First, what sorts of harm could someone possibly do? The greatest of all possible evils, for the Stoic, is the misuse of our prohairesis, the faculty or power of choice. To will badly, to choose wrongly, harms the soul of the one who so wills or chooses. But only I myself can harm my own soul. Not even Zeus himself can force me to misuse my power of choice. The worst anyone else can do is to harm my body (which, following Socrates in Plato’s Gorgias, is a possession of the soul), or even less seriously, they could harm my external goods (which are possessions of the body, which is itself a possession of the soul—and so, at an even farther remove from me myself). Moreover, as Epictetus emphasizes, the harm I suffer through the loss of such possessions is directly dependent upon the degree to which I judge my own value to depend upon those possessions; that is, upon how I make use of my own power of choice. The Stoic sage will understand that her own value does not depend in any way upon the status of externals (including the body), and will exercise her prohairesis accordingly. Even if we do not follow the Stoic in denying all value to externals, we can arrive at the same conclusion if we merely accept that the good of the soul is of significantly greater value than the good of the body or other externals.

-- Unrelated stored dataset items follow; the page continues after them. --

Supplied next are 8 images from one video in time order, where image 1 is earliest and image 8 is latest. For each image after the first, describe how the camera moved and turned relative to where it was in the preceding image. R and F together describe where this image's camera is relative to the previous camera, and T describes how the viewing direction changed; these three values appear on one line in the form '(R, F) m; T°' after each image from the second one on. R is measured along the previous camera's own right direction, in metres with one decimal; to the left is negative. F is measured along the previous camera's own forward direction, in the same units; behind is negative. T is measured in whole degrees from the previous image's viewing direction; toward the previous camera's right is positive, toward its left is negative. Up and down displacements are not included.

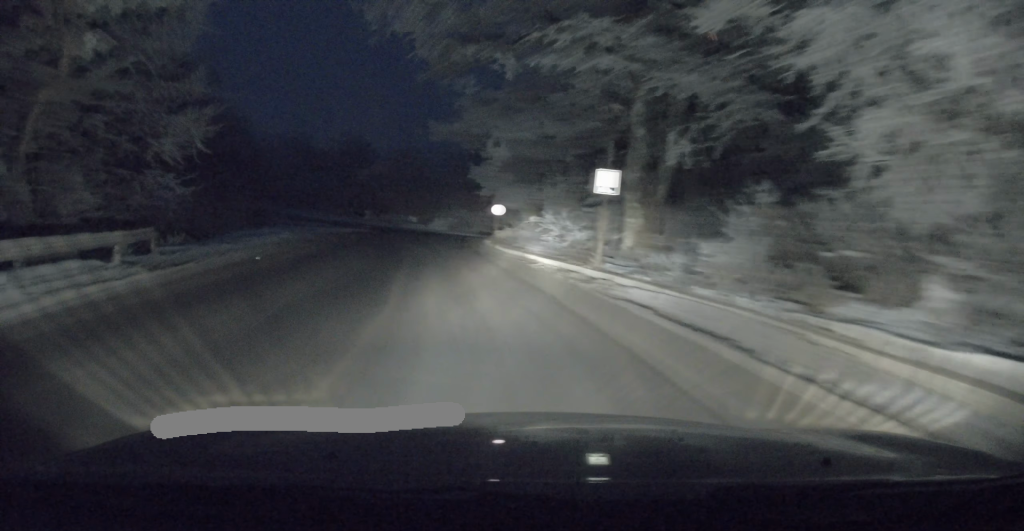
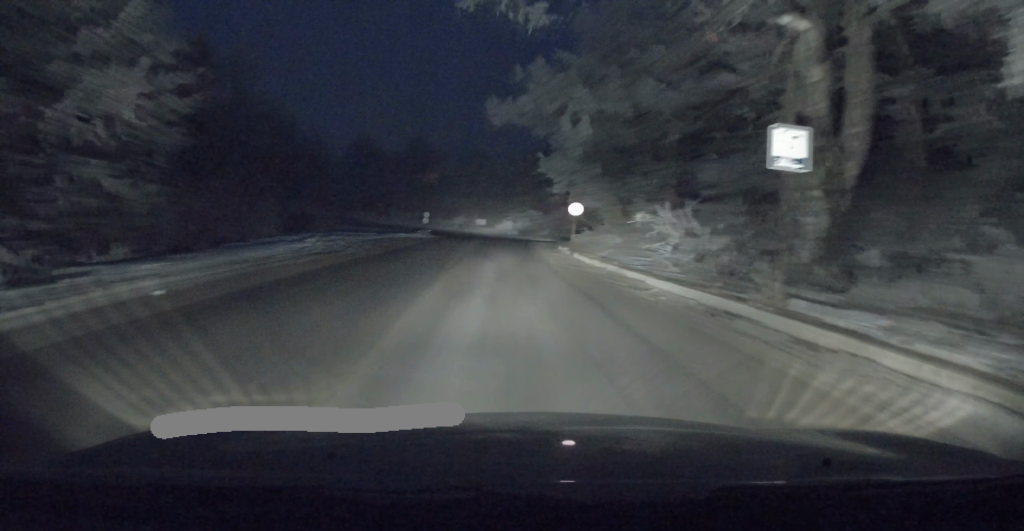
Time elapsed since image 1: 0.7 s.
(-0.4, +8.1) m; -3°
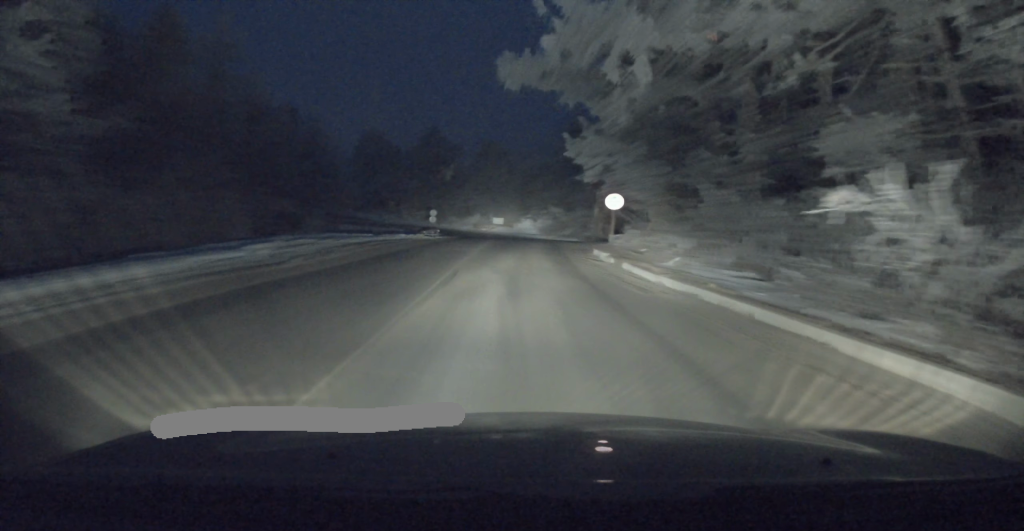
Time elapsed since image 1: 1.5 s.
(-0.3, +8.4) m; -2°
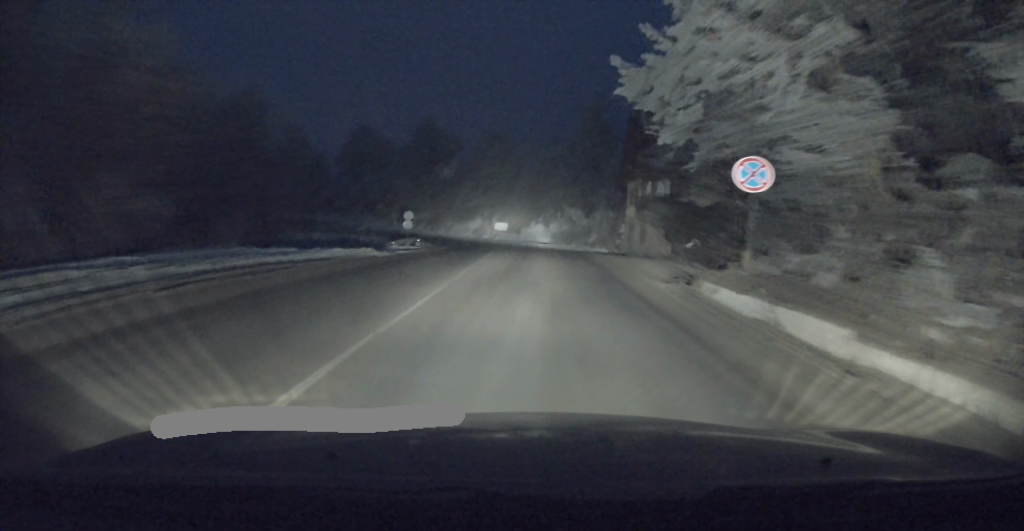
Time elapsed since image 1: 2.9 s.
(-0.3, +16.1) m; -1°
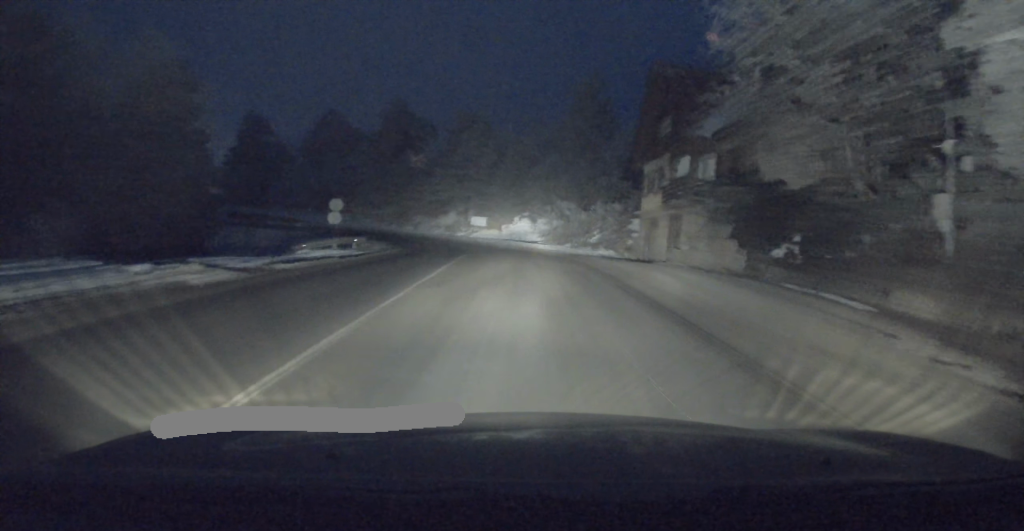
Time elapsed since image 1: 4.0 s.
(0.0, +12.9) m; +1°
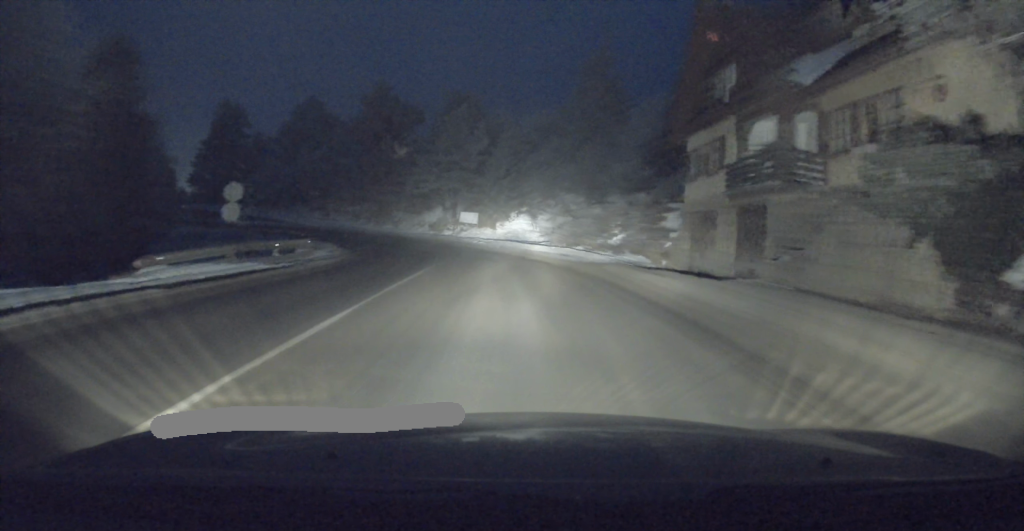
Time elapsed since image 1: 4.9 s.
(+0.2, +9.9) m; +1°
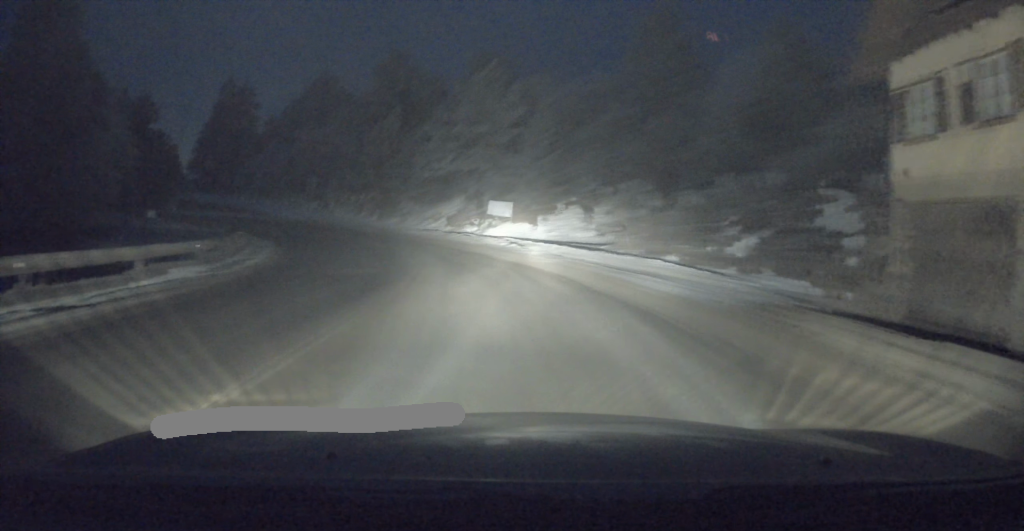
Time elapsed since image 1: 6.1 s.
(-0.2, +13.1) m; -4°
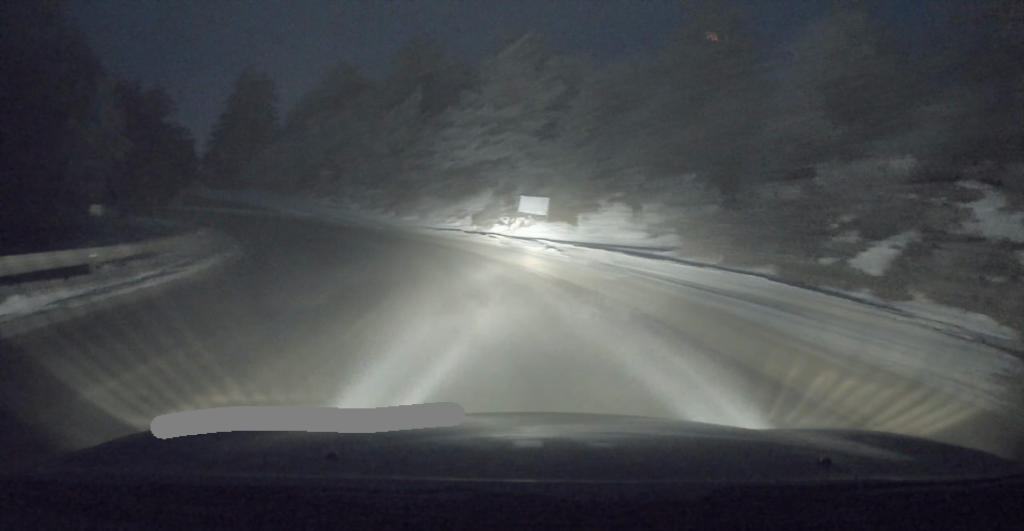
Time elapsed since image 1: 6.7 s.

So, irregardless of the details of any particular evil act, the person who has harmed my body or my other possessions has done me a comparatively minor and indirect harm, compared to the damage they’ve done to their own soul, by so misusing their power of choice. That is to say, wrongdoers harm themselves to a far greater degree than they could ever possibly harm anyone else. Here already, faced with those people who by the very nature of wrongdoing are causing themselves severe self-harm, we have reason to respond with pity.
Second, we have the Socratic principle that no one chooses evil insofar as it is evil, but rather, we choose what is actually evil insofar as it appears good to us in some respect. It follows from this that the evildoer is always in a state of ignorance—and not just any old garden-variety ignorance, but ignorance of the most important things for human beings to know: the good itself, and their own souls! In what other context does it make sense to become angry at the ignorant person? If we would respond with pity to someone who was ignorant of far more trivial matters, why should we not feel the same or even greater pity for someone who is ignorant of these greatest, most essential things? As Epictetus himself puts it:
“So this thief here and this adulterer shouldn’t be put to death?” Not at all, but what you should be asking is this: “This man who has fallen into error and is mistaken about the most important matters, and thus has gone blind, not with regard to the eyesight that distinguishes white from black, but with regard to the judgement that distinguishes good from bad—should someone like this be put to death?” If you put the question in that way, you’ll recognize the inhumanity of the thought that you’re expressing, and see that it is equivalent to saying, “Should this blind man, or that deaf one, be put to death?” For if the greatest harm that a person can suffer is the loss of their most valuable goods, and the most valuable thing that anyone can possess is correct choice, then if someone is deprived of that, what reason is left for you to be angry with him? Why, man, if in an unnatural fashion you really must harbour feelings with regard to another person’s misfortunes, you ought to pity him rather than hate him.
Epictetus, Discourses 1.18, §§5–9 (trans. Robin Hard, Oxford World’s Classics)
So far so good. But let’s take this argument seriously, while also being careful not to go too far. This is not at all about condescension, nor about any kind of moralizing superiority. It’s about recognizing that the people who have wronged me (or have wronged others) have themselves suffered the worst possible wrong that a human being can suffer—something which I myself have suffered on many occasions. This is about cultivating sympathy, not at all about sitting in judgement.
The term “suffered” here is deliberate. Etymologically, suffering is something that happens to us, against our will and our considered judgement. And so it is, if Socrates is right, in the case of evil acts: no one chooses evil qua evil willingly. If, then, evil acts follow from ignorance or delusion, is that ignorance itself something that we choose willingly? By the same Socratic precept, no. We see this straightforwardly when we recall that ignorance is itself an evil, a defect, a falling short of the good (which good is genuine knowledge and understanding). We delude ourselves, we lead ourselves into and reinforce our ignorance, in the service of some other (apparent) good: comfort, security, as a tranquilizer to pain… in just the way that when we will any other evil, we do so in pursuit of some other apparent good.
That does not mean acquiescing to evil. Far from it! But it does suggest that responding to evil with pity, compassion, and sympathy is both an effective strategy for actually addressing the root of the problem, and an important way to keep ourselves from falling into evil in our own turn. And to my mind, both of these are perennially worthy goals.
This is really interesting, thank you! (Also timely because so many of us are so stressed right now about what is going on writ large.)
Last week, I reread my highlights on Proclus’ First Alcibiades commentary, and this reminds me of some things happening in this part, specifically the misidentification of what is truly beautiful due to ignorance: https://pbs.twimg.com/media/EcaDJCbXQAApa4G?format=jpg&name=large
The approach is admittedly very different, though!